Task
Would you write out the entries below word for word, omitting the pictures?

Records to process
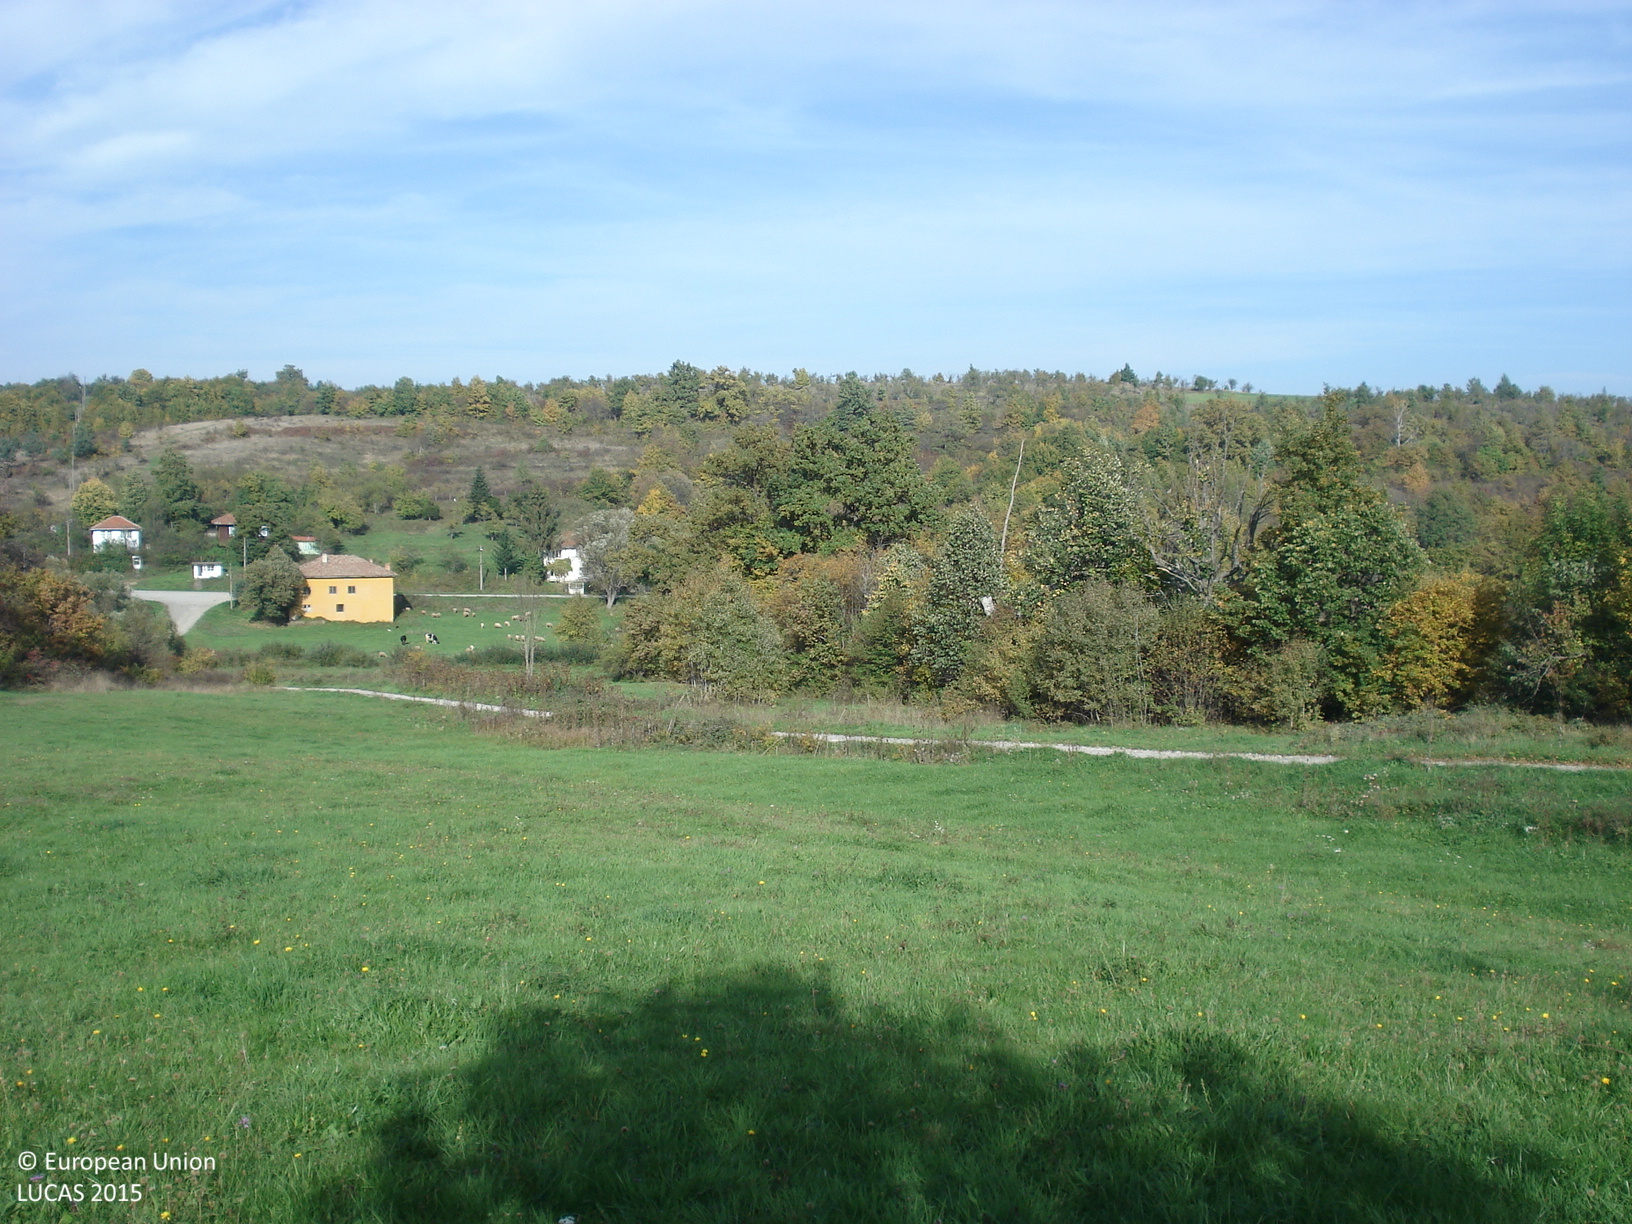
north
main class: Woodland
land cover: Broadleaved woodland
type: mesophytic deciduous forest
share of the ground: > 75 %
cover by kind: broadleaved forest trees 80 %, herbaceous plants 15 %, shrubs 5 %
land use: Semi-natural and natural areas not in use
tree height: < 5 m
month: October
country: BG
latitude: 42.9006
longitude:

Task output
north
main class: Woodland
land cover: Broadleaved woodland
type: mesophytic deciduous forest
share of the ground: > 75 %
cover by kind: broadleaved forest trees 80 %, herbaceous plants 15 %, shrubs 5 %
land use: Semi-natural and natural areas not in use
tree height: < 5 m
month: October
country: BG
latitude: 42.9006
longitude:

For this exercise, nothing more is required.